--- Goal of the exercise ---
Could you write out every record below exactly, leaving out any pictures?

--- Extracted data ---
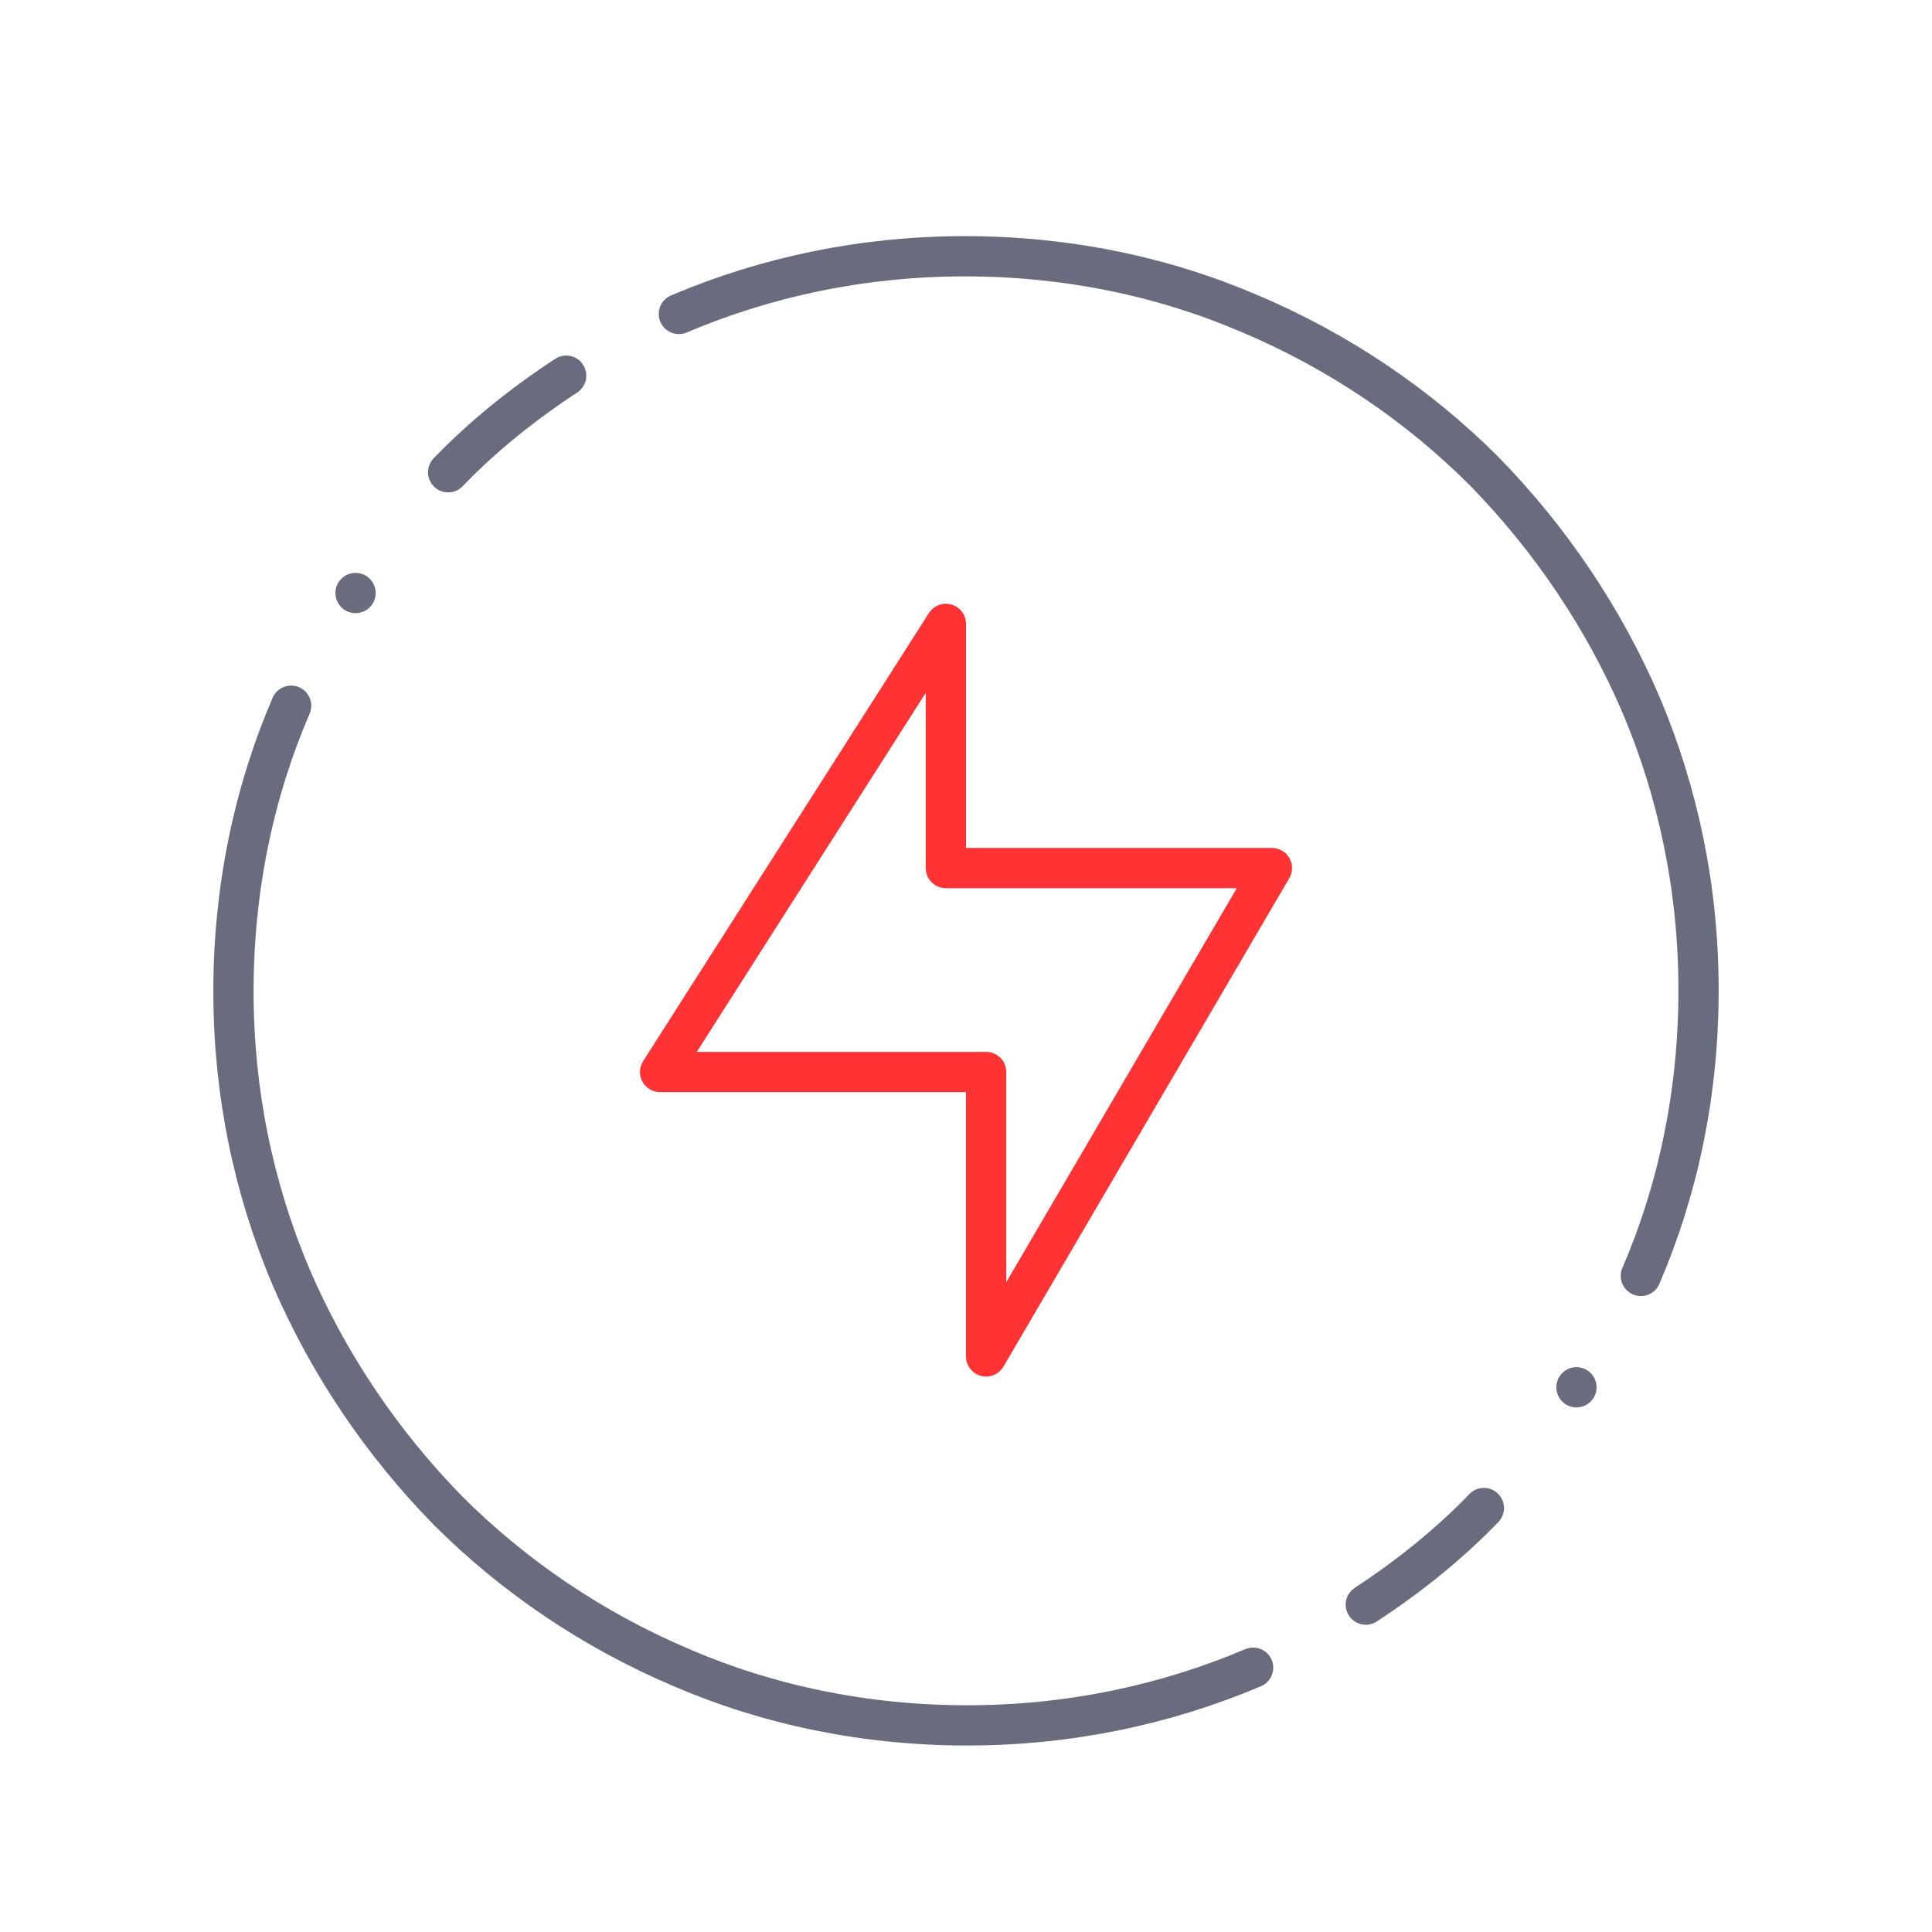 <?xml version="1.0" encoding="utf-8"?>
<!-- Generator: Adobe Illustrator 26.0.3, SVG Export Plug-In . SVG Version: 6.00 Build 0)  -->
<svg version="1.1" id="Layer_1" xmlns="http://www.w3.org/2000/svg" xmlns:xlink="http://www.w3.org/1999/xlink" x="0px" y="0px"
	 viewBox="0 0 144 144" style="enable-background:new 0 0 144 144;" xml:space="preserve">
<style type="text/css">
	.st0{fill:none;stroke:#696C7E;stroke-width:3;stroke-linecap:round;stroke-linejoin:round;stroke-miterlimit:10;}
	.st1{fill:none;stroke:#FF3333;stroke-width:3;stroke-linecap:round;stroke-linejoin:round;stroke-miterlimit:10;}
	.st2{fill:#FFFFFF;stroke:#FF3333;stroke-width:3;stroke-linecap:round;stroke-linejoin:round;stroke-miterlimit:10;}
	.st3{fill:none;stroke:#03D0E0;stroke-width:3;stroke-linecap:round;stroke-linejoin:round;stroke-miterlimit:10;}
	.st4{fill:#696C7E;}
	.st5{fill:#03D0E0;}
	.st6{fill:#FFFFFF;}
	.st7{fill:#696C7E;stroke:#F2F2F2;stroke-width:0.5;stroke-miterlimit:10;}
	.st8{fill:#03D0E0;stroke:#F2F2F2;stroke-width:0.5;stroke-miterlimit:10;}
	.st9{fill:none;stroke:#03D0E0;stroke-width:3;stroke-linecap:round;stroke-linejoin:round;}
	.st10{fill:none;stroke:#696C7E;stroke-width:2.749;stroke-linecap:round;stroke-linejoin:round;stroke-miterlimit:10;}
	.st11{fill:none;stroke:#03D0E0;stroke-width:2.706;stroke-linecap:round;stroke-linejoin:round;stroke-miterlimit:10;}
	.st12{fill:none;stroke:#03D0E0;stroke-width:3.423;stroke-linecap:round;stroke-linejoin:round;stroke-miterlimit:10;}
</style>
<g>
	<polygon class="st1" points="70.5,46.5 49.2,79.9 73.5,79.9 73.5,101.1 94.8,64.7 70.5,64.7 	"/>
	<path class="st0" d="M122.3,95.1c2.8-6.5,4.3-13.7,4.3-21.3c0-7.5-1.5-14.7-4.3-21.3c-2.8-6.5-6.8-12.4-11.7-17.4
		c-4.9-4.9-10.8-8.9-17.4-11.7c-6.5-2.8-13.7-4.3-21.3-4.3c-7.5,0-14.7,1.5-21.3,4.3"/>
	<path class="st0" d="M21.7,52.6c-2.8,6.5-4.3,13.7-4.3,21.3c0,7.5,1.5,14.7,4.3,21.3c2.8,6.5,6.8,12.4,11.7,17.4
		c4.9,4.9,10.8,8.9,17.4,11.7c6.5,2.8,13.7,4.3,21.3,4.3c7.5,0,14.7-1.5,21.3-4.3"/>
	<line class="st0" x1="26.5" y1="44.2" x2="26.5" y2="44.2"/>
	<line class="st0" x1="117.5" y1="103.4" x2="117.5" y2="103.4"/>
	<path class="st0" d="M101.8,119.6c3.2-2.1,6.2-4.5,8.8-7.2"/>
	<path class="st0" d="M42.2,28c-3.2,2.1-6.2,4.5-8.8,7.2"/>
</g>
</svg>
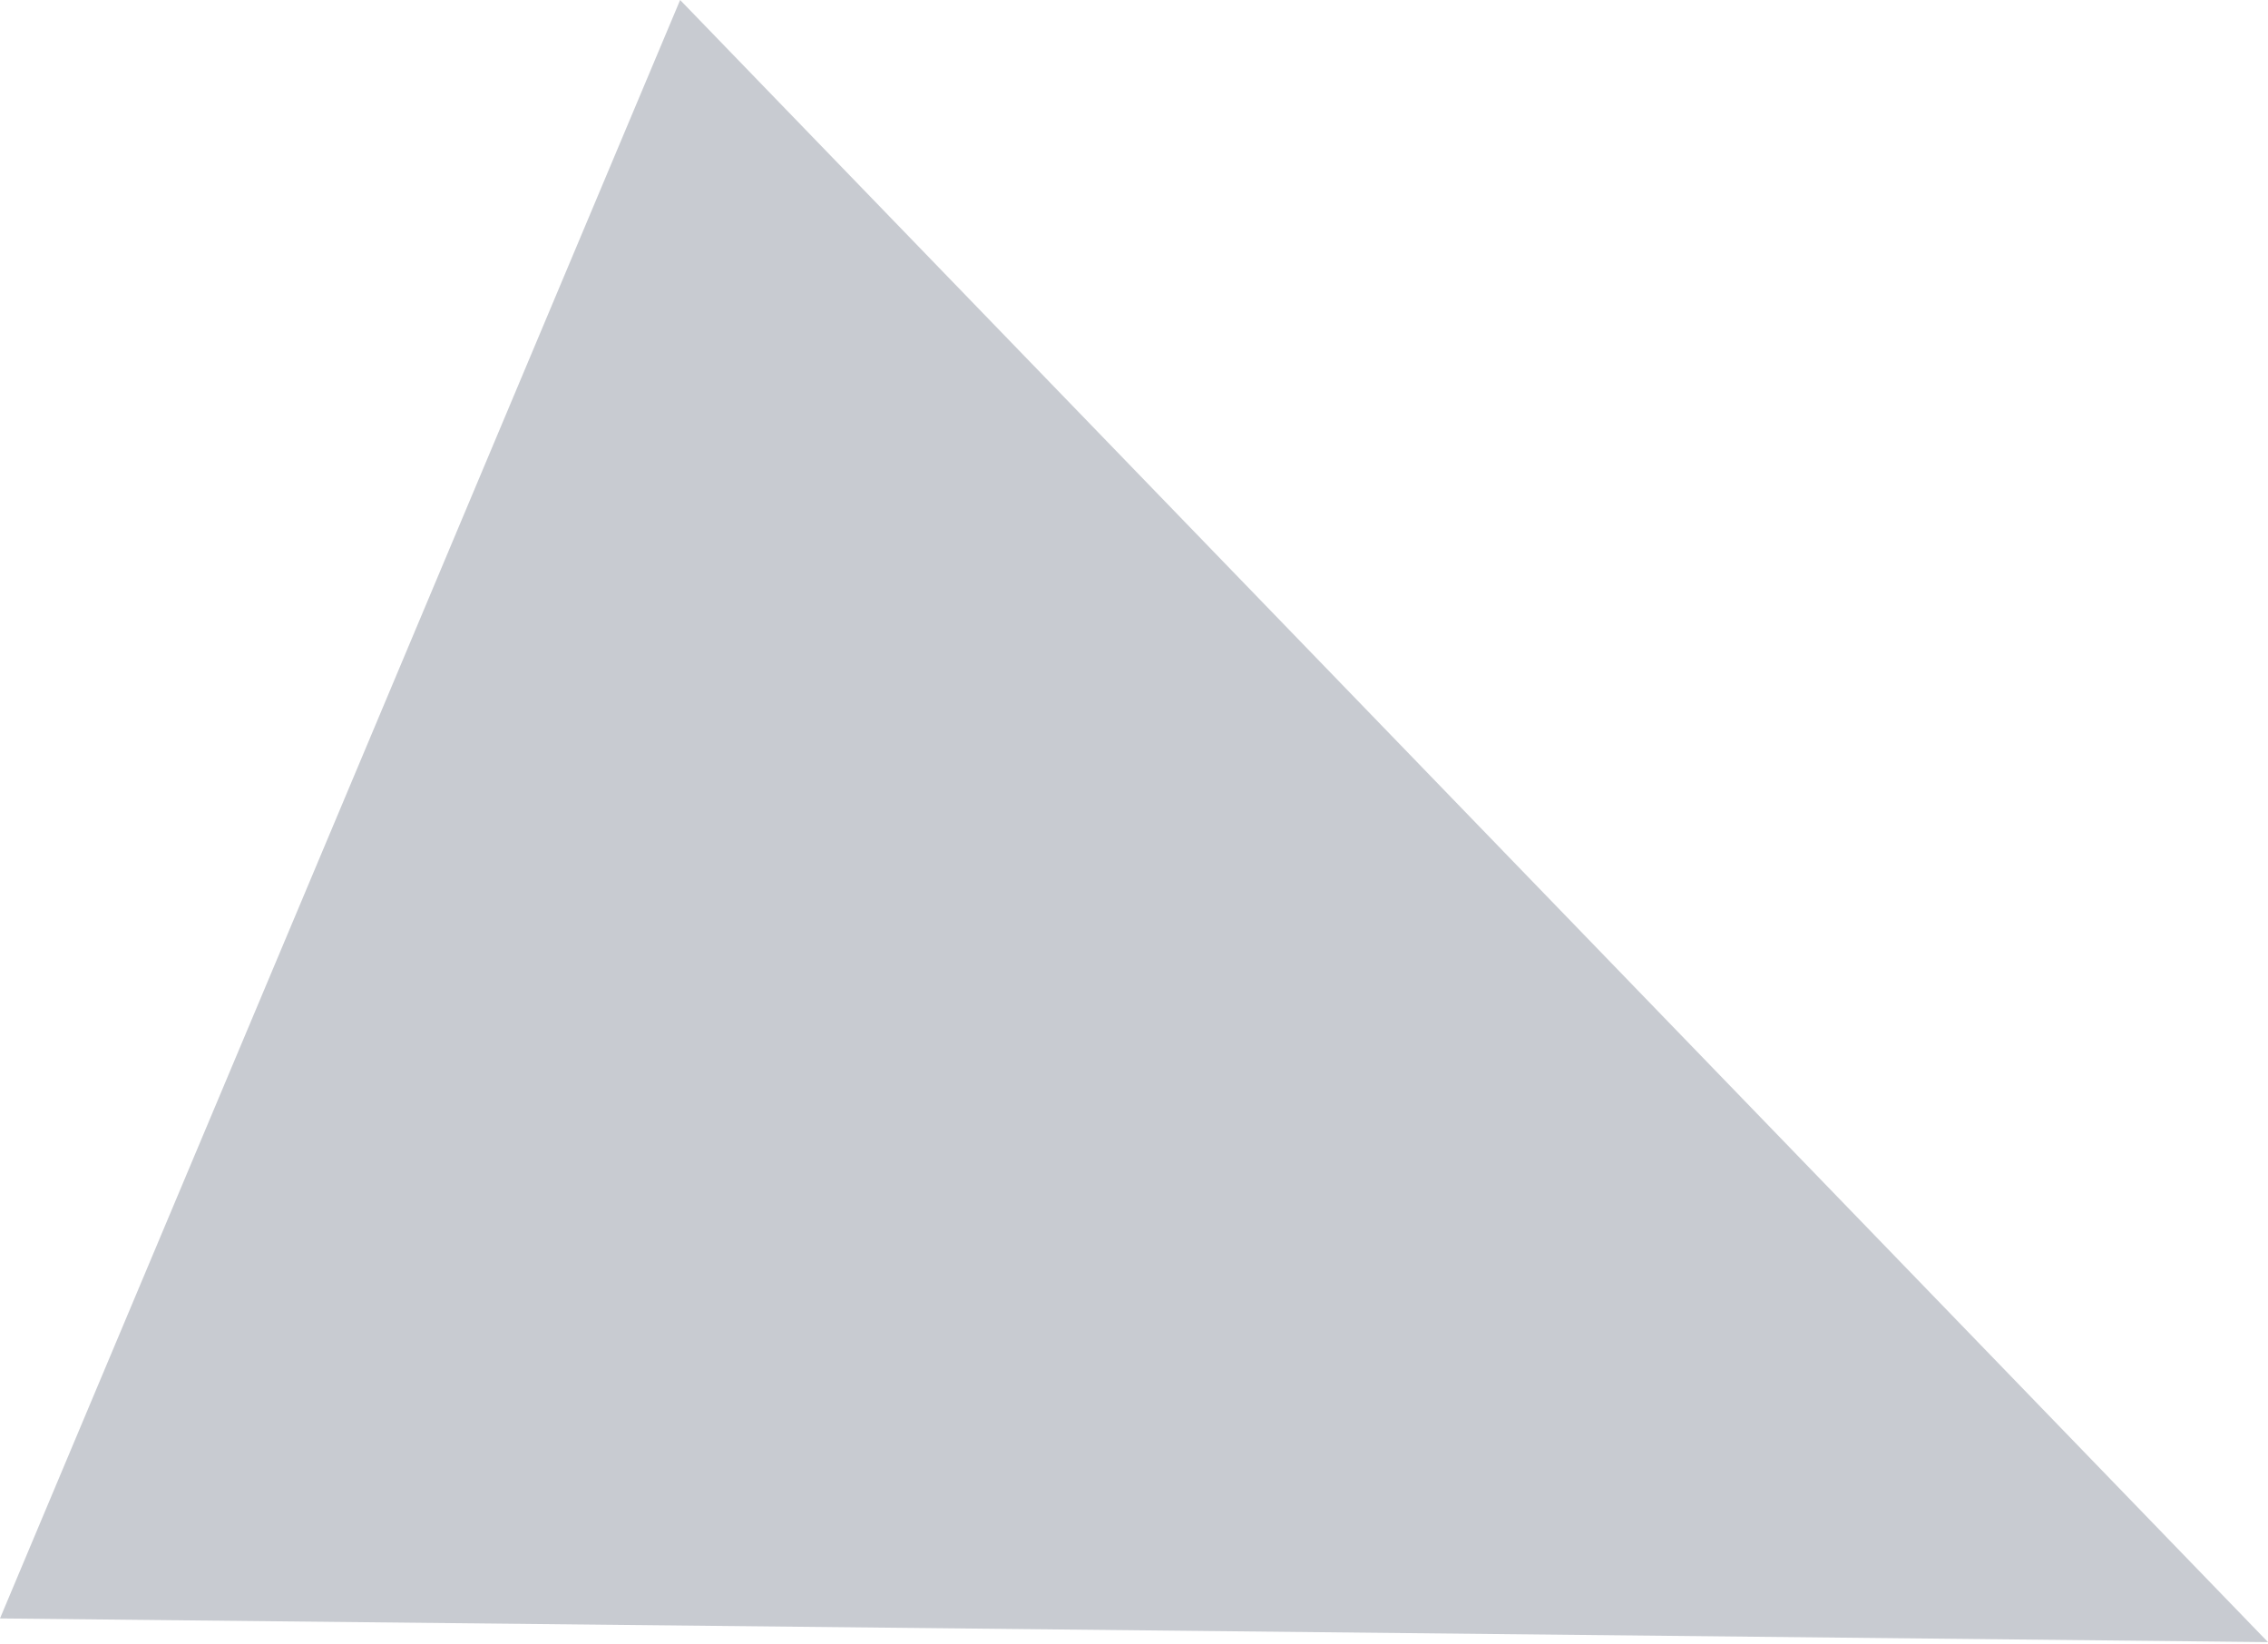 <?xml version="1.0" encoding="UTF-8"?> <svg xmlns="http://www.w3.org/2000/svg" width="429" height="311" viewBox="0 0 429 311" fill="none"> <path opacity="0.25" d="M0 306.103L429 310.582L128.65 0L0 306.103Z" fill="#263048"></path> </svg>

--- Answer to the problem ---
 <?xml version="1.0" encoding="utf-8"?>
<!-- Generator: Adobe Illustrator 26.0.3, SVG Export Plug-In . SVG Version: 6.00 Build 0)  -->
<svg version="1.1" id="Layer_1" xmlns="http://www.w3.org/2000/svg" xmlns:xlink="http://www.w3.org/1999/xlink" x="0px" y="0px"
	 viewBox="0 0 144 144" style="enable-background:new 0 0 144 144;" xml:space="preserve">
<style type="text/css">
	.st0{fill:none;stroke:#696C7E;stroke-width:3;stroke-linecap:round;stroke-linejoin:round;stroke-miterlimit:10;}
	.st1{fill:none;stroke:#FF3333;stroke-width:3;stroke-linecap:round;stroke-linejoin:round;stroke-miterlimit:10;}
	.st2{fill:#FFFFFF;stroke:#FF3333;stroke-width:3;stroke-linecap:round;stroke-linejoin:round;stroke-miterlimit:10;}
	.st3{fill:none;stroke:#03D0E0;stroke-width:3;stroke-linecap:round;stroke-linejoin:round;stroke-miterlimit:10;}
	.st4{fill:#696C7E;}
	.st5{fill:#03D0E0;}
	.st6{fill:#FFFFFF;}
	.st7{fill:#696C7E;stroke:#F2F2F2;stroke-width:0.5;stroke-miterlimit:10;}
	.st8{fill:#03D0E0;stroke:#F2F2F2;stroke-width:0.5;stroke-miterlimit:10;}
	.st9{fill:none;stroke:#03D0E0;stroke-width:3;stroke-linecap:round;stroke-linejoin:round;}
	.st10{fill:none;stroke:#696C7E;stroke-width:2.749;stroke-linecap:round;stroke-linejoin:round;stroke-miterlimit:10;}
	.st11{fill:none;stroke:#03D0E0;stroke-width:2.706;stroke-linecap:round;stroke-linejoin:round;stroke-miterlimit:10;}
	.st12{fill:none;stroke:#03D0E0;stroke-width:3.423;stroke-linecap:round;stroke-linejoin:round;stroke-miterlimit:10;}
</style>
<g>
	<polygon class="st1" points="70.5,46.5 49.2,79.9 73.5,79.9 73.5,101.1 94.8,64.7 70.5,64.7 	"/>
	<path class="st0" d="M122.3,95.1c2.8-6.5,4.3-13.7,4.3-21.3c0-7.5-1.5-14.7-4.3-21.3c-2.8-6.5-6.8-12.4-11.7-17.4
		c-4.9-4.9-10.8-8.9-17.4-11.7c-6.5-2.8-13.7-4.3-21.3-4.3c-7.5,0-14.7,1.5-21.3,4.3"/>
	<path class="st0" d="M21.7,52.6c-2.8,6.5-4.3,13.7-4.3,21.3c0,7.5,1.5,14.7,4.3,21.3c2.8,6.5,6.8,12.4,11.7,17.4
		c4.9,4.9,10.8,8.9,17.4,11.7c6.5,2.8,13.7,4.3,21.3,4.3c7.5,0,14.7-1.5,21.3-4.3"/>
	<line class="st0" x1="26.5" y1="44.2" x2="26.5" y2="44.2"/>
	<line class="st0" x1="117.5" y1="103.4" x2="117.5" y2="103.4"/>
	<path class="st0" d="M101.8,119.6c3.2-2.1,6.2-4.5,8.8-7.2"/>
	<path class="st0" d="M42.2,28c-3.2,2.1-6.2,4.5-8.8,7.2"/>
</g>
</svg>
 <?xml version="1.0" encoding="UTF-8"?> <svg xmlns="http://www.w3.org/2000/svg" width="429" height="311" viewBox="0 0 429 311" fill="none"> <path opacity="0.25" d="M0 306.103L429 310.582L128.65 0L0 306.103Z" fill="#263048"></path> </svg>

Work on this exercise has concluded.